Work required: Restate word for word every line from the top of the data below down through the line that holds "Findings: No Finding".

::::::::::

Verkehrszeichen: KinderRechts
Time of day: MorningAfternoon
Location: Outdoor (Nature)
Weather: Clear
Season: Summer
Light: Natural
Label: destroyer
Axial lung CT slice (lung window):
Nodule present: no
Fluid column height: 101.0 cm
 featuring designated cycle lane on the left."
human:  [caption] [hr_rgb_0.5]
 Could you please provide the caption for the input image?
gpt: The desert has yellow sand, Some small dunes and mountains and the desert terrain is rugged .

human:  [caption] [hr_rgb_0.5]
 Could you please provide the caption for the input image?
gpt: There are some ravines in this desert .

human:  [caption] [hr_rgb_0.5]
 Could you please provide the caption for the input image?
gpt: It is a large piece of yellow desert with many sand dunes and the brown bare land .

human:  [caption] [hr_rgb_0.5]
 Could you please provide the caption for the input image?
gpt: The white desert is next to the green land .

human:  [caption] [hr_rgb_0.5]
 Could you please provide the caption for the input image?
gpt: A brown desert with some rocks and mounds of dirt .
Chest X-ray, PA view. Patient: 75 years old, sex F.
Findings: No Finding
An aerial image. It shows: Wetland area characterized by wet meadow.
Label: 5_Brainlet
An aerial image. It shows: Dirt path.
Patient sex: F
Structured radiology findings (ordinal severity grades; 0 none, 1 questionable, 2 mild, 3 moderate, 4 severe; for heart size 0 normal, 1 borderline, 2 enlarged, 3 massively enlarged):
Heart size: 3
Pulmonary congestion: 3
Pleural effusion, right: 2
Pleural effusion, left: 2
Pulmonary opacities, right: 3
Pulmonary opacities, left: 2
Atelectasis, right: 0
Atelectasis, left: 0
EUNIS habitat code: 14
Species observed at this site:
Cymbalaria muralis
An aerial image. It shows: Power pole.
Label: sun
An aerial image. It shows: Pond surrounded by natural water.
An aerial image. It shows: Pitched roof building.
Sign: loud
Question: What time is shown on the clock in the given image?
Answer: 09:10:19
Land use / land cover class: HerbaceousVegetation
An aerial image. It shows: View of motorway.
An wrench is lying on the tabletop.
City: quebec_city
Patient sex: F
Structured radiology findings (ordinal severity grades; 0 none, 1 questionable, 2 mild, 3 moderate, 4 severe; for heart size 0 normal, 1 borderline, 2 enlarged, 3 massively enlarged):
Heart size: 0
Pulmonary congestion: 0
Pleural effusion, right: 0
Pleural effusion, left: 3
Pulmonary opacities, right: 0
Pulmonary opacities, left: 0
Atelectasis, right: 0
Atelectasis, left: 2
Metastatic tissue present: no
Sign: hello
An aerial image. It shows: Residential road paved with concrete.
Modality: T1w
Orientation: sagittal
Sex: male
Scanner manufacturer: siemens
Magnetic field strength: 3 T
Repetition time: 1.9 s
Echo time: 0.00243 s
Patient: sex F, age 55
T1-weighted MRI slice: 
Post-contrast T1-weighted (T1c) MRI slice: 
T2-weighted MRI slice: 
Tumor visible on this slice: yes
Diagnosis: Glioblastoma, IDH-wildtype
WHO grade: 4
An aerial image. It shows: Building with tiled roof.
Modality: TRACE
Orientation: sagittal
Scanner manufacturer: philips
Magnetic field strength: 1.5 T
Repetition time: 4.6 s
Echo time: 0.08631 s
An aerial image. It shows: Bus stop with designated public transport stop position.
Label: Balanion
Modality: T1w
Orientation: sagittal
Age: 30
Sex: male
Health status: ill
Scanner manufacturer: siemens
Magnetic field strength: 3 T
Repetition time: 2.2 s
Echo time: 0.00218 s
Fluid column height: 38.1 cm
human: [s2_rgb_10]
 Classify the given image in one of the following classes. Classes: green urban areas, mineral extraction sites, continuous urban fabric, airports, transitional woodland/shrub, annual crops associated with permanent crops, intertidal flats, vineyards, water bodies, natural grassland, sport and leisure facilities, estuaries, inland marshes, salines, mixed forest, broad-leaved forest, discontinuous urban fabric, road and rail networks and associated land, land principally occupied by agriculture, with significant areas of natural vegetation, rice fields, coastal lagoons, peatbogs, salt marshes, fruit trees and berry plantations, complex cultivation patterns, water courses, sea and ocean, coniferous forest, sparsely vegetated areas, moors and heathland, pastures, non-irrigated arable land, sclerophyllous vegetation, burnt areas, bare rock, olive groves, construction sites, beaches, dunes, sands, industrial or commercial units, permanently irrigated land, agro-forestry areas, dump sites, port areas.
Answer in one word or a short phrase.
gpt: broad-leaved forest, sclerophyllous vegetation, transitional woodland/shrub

::::::::::

Exercise result:
Verkehrszeichen: KinderRechts
Time of day: MorningAfternoon
Location: Outdoor (Nature)
Weather: Clear
Season: Summer
Light: Natural
Label: destroyer
Axial lung CT slice (lung window):
Nodule present: no
Fluid column height: 101.0 cm
 featuring designated cycle lane on the left."
human:  [caption] [hr_rgb_0.5]
 Could you please provide the caption for the input image?
gpt: The desert has yellow sand, Some small dunes and mountains and the desert terrain is rugged .

human:  [caption] [hr_rgb_0.5]
 Could you please provide the caption for the input image?
gpt: There are some ravines in this desert .

human:  [caption] [hr_rgb_0.5]
 Could you please provide the caption for the input image?
gpt: It is a large piece of yellow desert with many sand dunes and the brown bare land .

human:  [caption] [hr_rgb_0.5]
 Could you please provide the caption for the input image?
gpt: The white desert is next to the green land .

human:  [caption] [hr_rgb_0.5]
 Could you please provide the caption for the input image?
gpt: A brown desert with some rocks and mounds of dirt .
Chest X-ray, PA view. Patient: 75 years old, sex F.
Findings: No Finding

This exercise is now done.